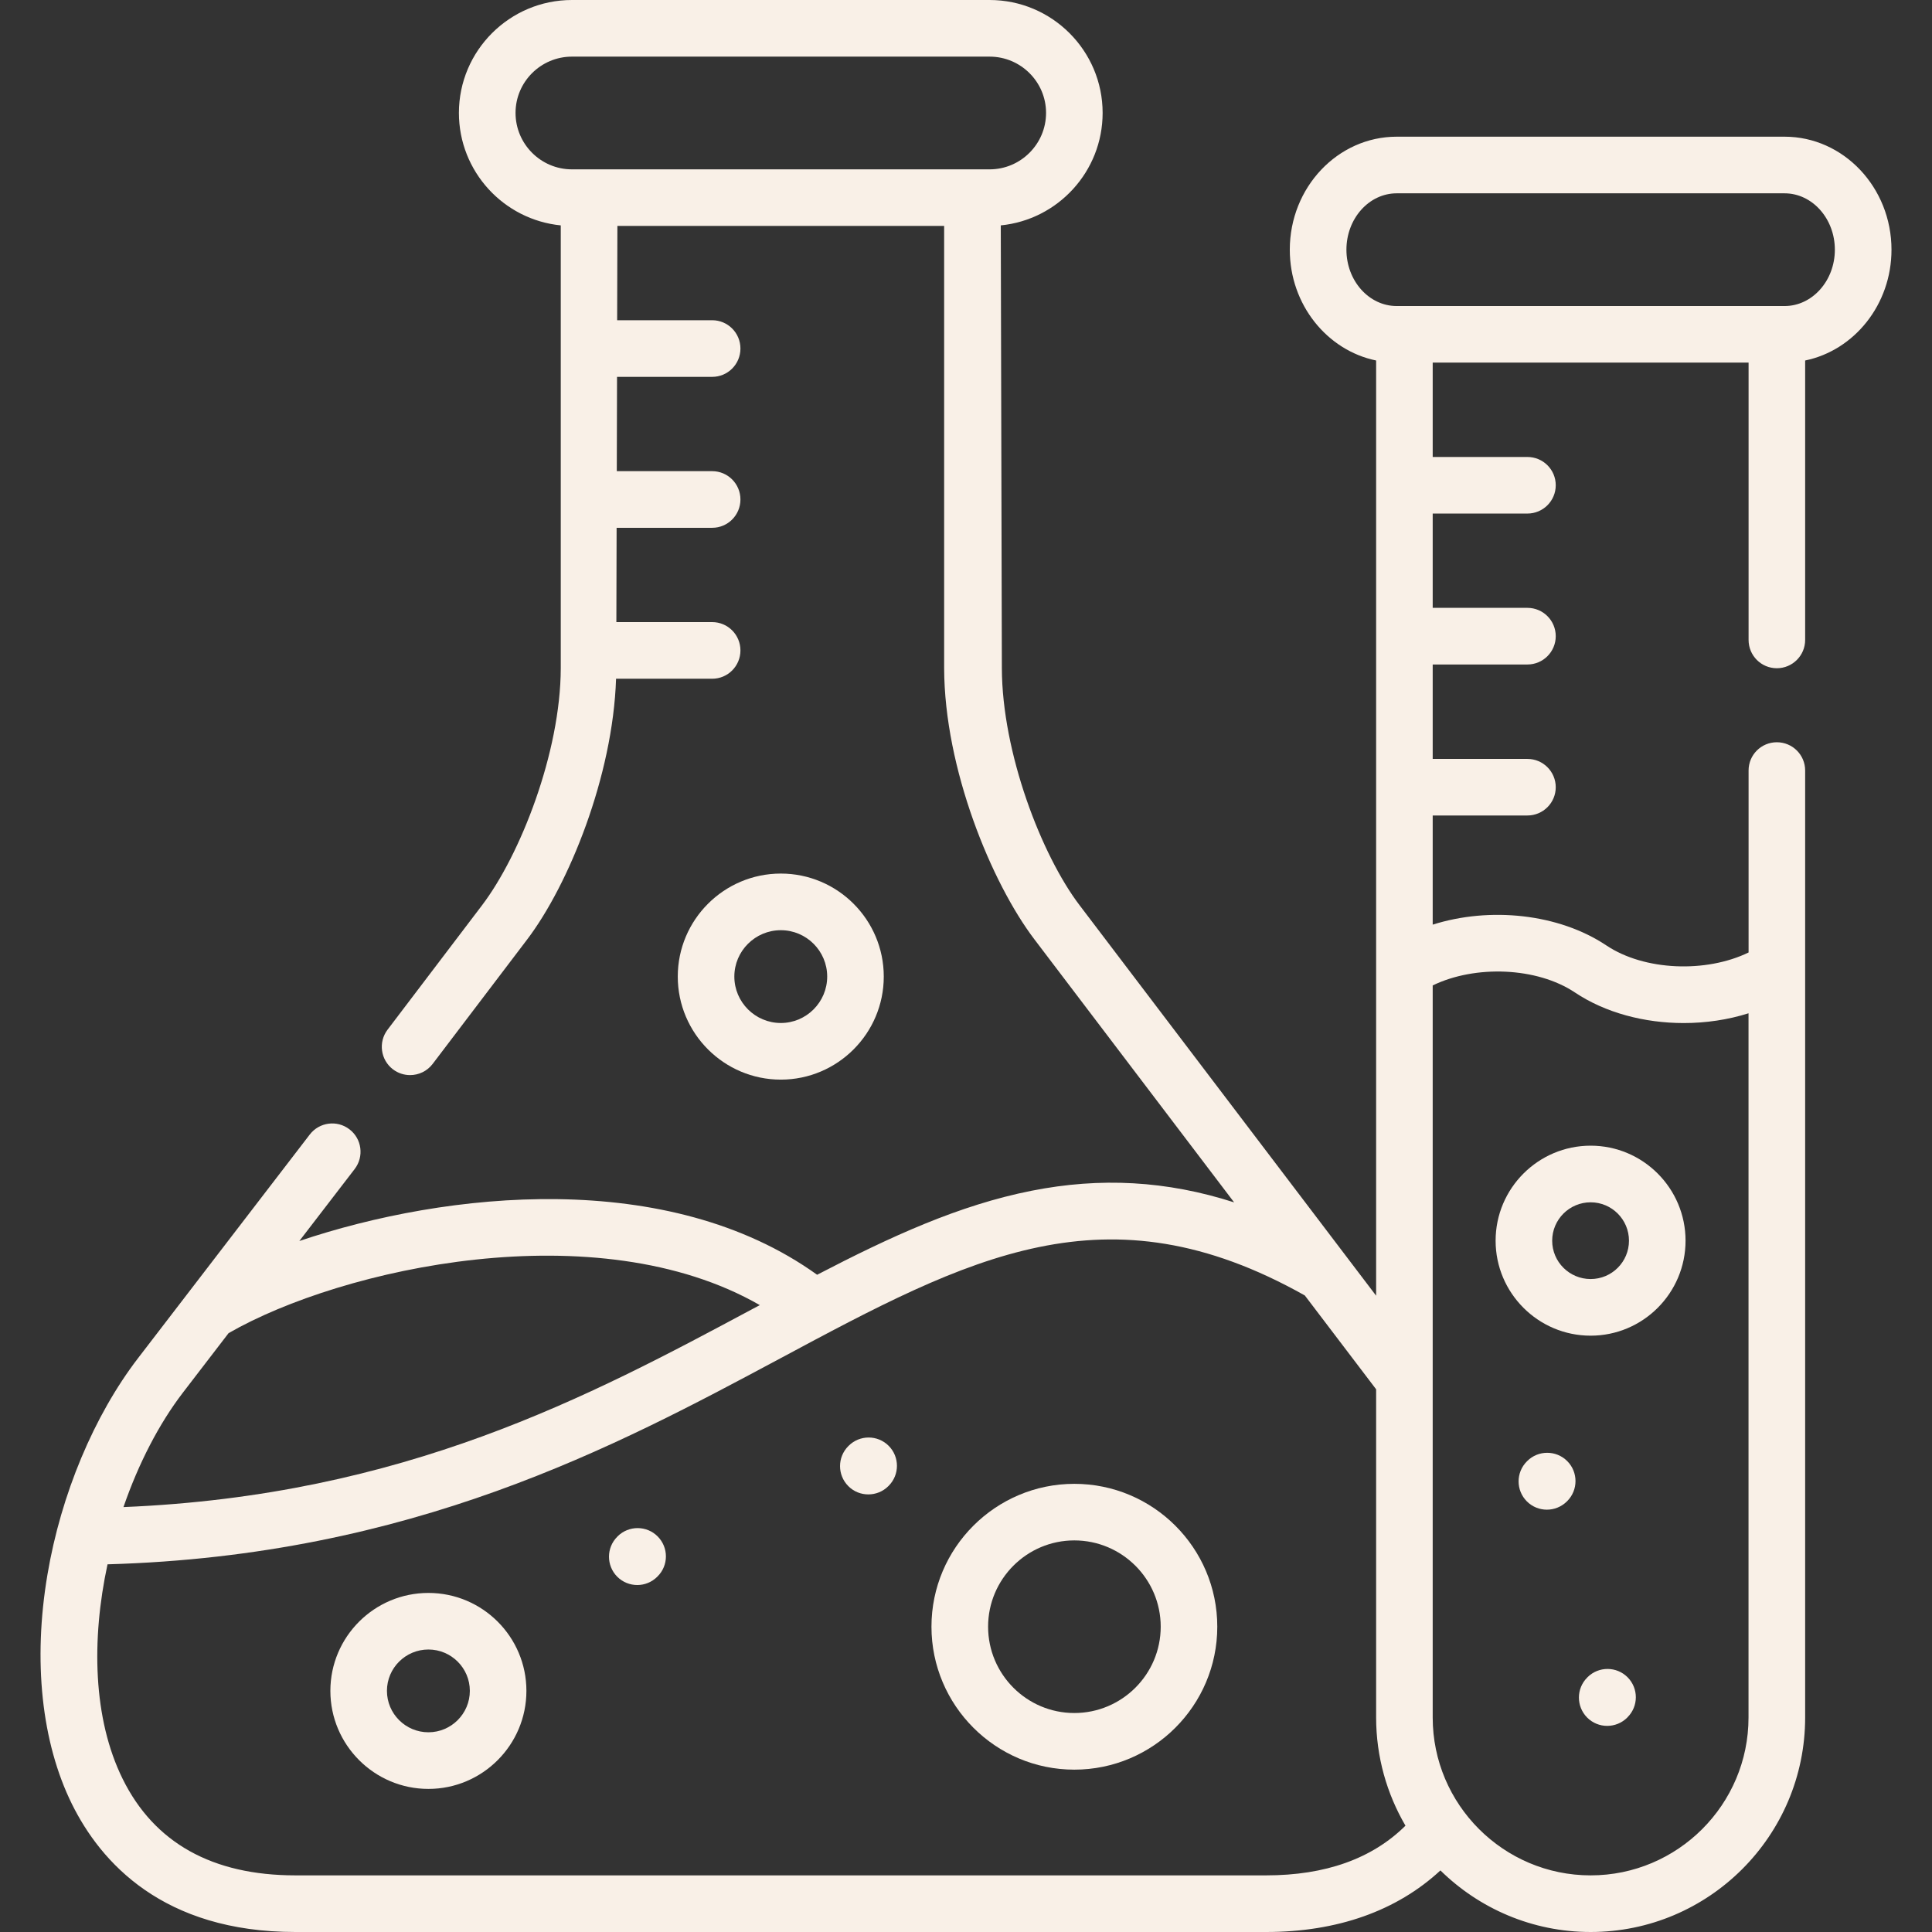 <?xml version="1.0" encoding="UTF-8"?>
<svg xmlns="http://www.w3.org/2000/svg" width="32" height="32" viewBox="0 0 32 32" fill="none">
  <rect x="0" y="0" width="32" height="32" fill="#333333" stroke="none"/>
  <g clip-path="url(#clip0_4312_209)">
    <path d="M10.23 25.446L10.225 25.452C10.041 25.634 10.041 25.931 10.223 26.115C10.315 26.207 10.435 26.253 10.556 26.253C10.675 26.253 10.795 26.207 10.886 26.116L10.891 26.111C11.075 25.929 11.076 25.632 10.893 25.448C10.711 25.265 10.414 25.264 10.23 25.446Z" fill="#F9F0E7"></path>
    <path d="M14.056 23.947L14.051 23.952C13.868 24.135 13.868 24.432 14.051 24.615C14.142 24.707 14.262 24.752 14.382 24.752C14.502 24.752 14.622 24.707 14.714 24.615L14.719 24.61C14.902 24.427 14.902 24.13 14.719 23.947C14.536 23.764 14.239 23.764 14.056 23.947Z" fill="#F9F0E7"></path>
    <path d="M14.638 16.175C14.638 15.234 13.873 14.469 12.933 14.469C11.992 14.469 11.226 15.234 11.226 16.175C11.226 17.116 11.992 17.882 12.933 17.882C13.873 17.882 14.638 17.116 14.638 16.175ZM12.163 16.175C12.163 15.751 12.509 15.407 12.933 15.407C13.356 15.407 13.701 15.751 13.701 16.175C13.701 16.599 13.356 16.944 12.933 16.944C12.509 16.944 12.163 16.599 12.163 16.175Z" fill="#F9F0E7"></path>
    <path d="M17.794 24.577C16.49 24.577 15.428 25.638 15.428 26.943C15.428 28.248 16.49 29.311 17.794 29.311C19.1 29.311 20.162 28.248 20.162 26.943C20.162 25.638 19.1 24.577 17.794 24.577ZM17.794 28.373C17.007 28.373 16.366 27.732 16.366 26.943C16.366 26.155 17.007 25.514 17.794 25.514C18.583 25.514 19.225 26.155 19.225 26.943C19.225 27.732 18.583 28.373 17.794 28.373Z" fill="#F9F0E7"></path>
    <path d="M7.096 26.384C6.2 26.384 5.472 27.111 5.472 28.006C5.472 28.901 6.2 29.63 7.096 29.63C7.991 29.63 8.719 28.901 8.719 28.006C8.719 27.111 7.991 26.384 7.096 26.384ZM7.096 28.692C6.717 28.692 6.409 28.384 6.409 28.006C6.409 27.628 6.717 27.321 7.096 27.321C7.474 27.321 7.782 27.628 7.782 28.006C7.782 28.384 7.474 28.692 7.096 28.692Z" fill="#F9F0E7"></path>
    <path d="M25.295 24.2L25.29 24.205C25.107 24.388 25.107 24.685 25.29 24.868C25.381 24.959 25.501 25.005 25.621 25.005C25.741 25.005 25.861 24.959 25.953 24.868L25.958 24.863C26.141 24.68 26.141 24.383 25.958 24.2C25.775 24.017 25.478 24.017 25.295 24.2Z" fill="#F9F0E7"></path>
    <path d="M26.295 27.779L26.29 27.785C26.106 27.967 26.106 28.264 26.288 28.448C26.38 28.54 26.5 28.586 26.62 28.586C26.74 28.586 26.86 28.54 26.951 28.45L26.956 28.444C27.14 28.262 27.141 27.965 26.958 27.781C26.776 27.598 26.479 27.597 26.295 27.779Z" fill="#F9F0E7"></path>
    <path d="M26.346 22.123C27.213 22.123 27.918 21.417 27.918 20.55C27.918 19.682 27.213 18.976 26.346 18.976C25.478 18.976 24.772 19.682 24.772 20.55C24.772 21.417 25.478 22.123 26.346 22.123ZM26.346 19.914C26.696 19.914 26.981 20.199 26.981 20.55C26.981 20.901 26.696 21.185 26.346 21.185C25.995 21.185 25.709 20.901 25.709 20.55C25.709 20.199 25.995 19.914 26.346 19.914Z" fill="#F9F0E7"></path>
    <path d="M29.558 2.264H23.134C22.157 2.264 21.363 3.104 21.363 4.136C21.363 5.044 21.979 5.803 22.793 5.971V21.461L17.88 14.992C17.251 14.164 16.597 12.469 16.594 11.066L16.576 3.733C17.522 3.64 18.263 2.84 18.263 1.87C18.263 0.839 17.423 0 16.391 0H9.473C8.441 0 7.601 0.839 7.601 1.87C7.601 2.84 8.343 3.64 9.288 3.733V11.066C9.285 12.468 8.614 14.164 7.985 14.993L6.419 17.055C6.263 17.261 6.303 17.555 6.509 17.712C6.594 17.776 6.693 17.807 6.792 17.807C6.934 17.807 7.074 17.743 7.166 17.622L8.732 15.56C9.42 14.653 10.151 12.857 10.204 11.242H11.796C12.055 11.242 12.264 11.032 12.264 10.773C12.264 10.514 12.055 10.304 11.796 10.304H10.209L10.213 8.742H11.796C12.055 8.742 12.264 8.532 12.264 8.273C12.264 8.014 12.055 7.804 11.796 7.804H10.216L10.22 6.242H11.796C12.055 6.242 12.264 6.032 12.264 5.773C12.264 5.514 12.055 5.304 11.796 5.304H10.222L10.226 3.742H15.638V11.068C15.642 12.728 16.421 14.622 17.134 15.56L20.441 19.915C19.324 19.556 18.228 19.496 17.084 19.723C15.888 19.96 14.757 20.478 13.534 21.114C11.071 19.345 7.406 19.73 4.958 20.555L5.875 19.362C6.032 19.157 5.994 18.862 5.788 18.705C5.583 18.547 5.289 18.586 5.131 18.791L2.286 22.496C1.557 23.446 1.01 24.752 0.786 26.08C0.544 27.51 0.688 28.859 1.19 29.878C1.668 30.846 2.698 32 4.893 32H20.971C22.151 32 23.136 31.649 23.858 30.98C24.499 31.61 25.378 32 26.346 32C28.305 32 29.899 30.406 29.899 28.447V12.762C29.899 12.503 29.689 12.294 29.43 12.294C29.171 12.294 28.962 12.503 28.962 12.762V15.776C28.257 16.118 27.235 16.08 26.606 15.659C25.815 15.131 24.674 15.016 23.73 15.315V13.507H25.299C25.558 13.507 25.768 13.297 25.768 13.039C25.768 12.78 25.558 12.57 25.299 12.57H23.73V11.006H25.299C25.558 11.006 25.768 10.796 25.768 10.537C25.768 10.278 25.558 10.068 25.299 10.068H23.73V8.506H25.299C25.558 8.506 25.768 8.296 25.768 8.037C25.768 7.778 25.558 7.569 25.299 7.569H23.73V6.006H28.962V10.599C28.962 10.858 29.171 11.068 29.43 11.068C29.689 11.068 29.899 10.858 29.899 10.599V5.971C30.713 5.803 31.329 5.044 31.329 4.136C31.329 3.104 30.534 2.264 29.558 2.264ZM9.473 2.805C8.958 2.805 8.539 2.385 8.539 1.87C8.539 1.356 8.958 0.938 9.473 0.938H16.391C16.906 0.938 17.326 1.356 17.326 1.87C17.326 2.385 16.906 2.805 16.391 2.805H9.473ZM3.029 23.067L3.786 22.081C5.668 20.998 9.894 20.069 12.585 21.617C12.55 21.636 12.515 21.654 12.479 21.673C9.761 23.129 6.695 24.77 2.045 24.962C2.293 24.243 2.633 23.583 3.029 23.067ZM20.971 31.062H4.893C3.518 31.062 2.554 30.524 2.031 29.463C1.54 28.468 1.512 27.157 1.781 25.91C6.82 25.767 10.197 23.959 12.922 22.5C16.054 20.822 18.324 19.607 21.612 21.457L22.793 23.011V28.447C22.793 29.1 22.971 29.712 23.279 30.239C22.727 30.786 21.952 31.062 20.971 31.062ZM26.085 16.438C26.59 16.776 27.239 16.945 27.887 16.945C28.254 16.945 28.621 16.891 28.961 16.783V28.447C28.961 29.889 27.788 31.062 26.346 31.062C24.904 31.062 23.73 29.889 23.73 28.447V16.322C24.434 15.98 25.456 16.018 26.085 16.438ZM29.558 5.069H23.134C22.674 5.069 22.301 4.65 22.301 4.136C22.301 3.621 22.674 3.202 23.134 3.202H29.558C30.017 3.202 30.391 3.621 30.391 4.136C30.391 4.65 30.017 5.069 29.558 5.069Z" fill="#F9F0E7"></path>
  </g>
  <defs>
    <clipPath id="clip0_4312_209">
      <rect width="32" height="32" fill="white"></rect>
    </clipPath>
  </defs>
</svg>

::::::

Please find each line in the records above that holds the word "none", and copy it.

<svg xmlns="http://www.w3.org/2000/svg" width="32" height="32" viewBox="0 0 32 32" fill="none">
  <rect x="0" y="0" width="32" height="32" fill="#333333" stroke="none"/>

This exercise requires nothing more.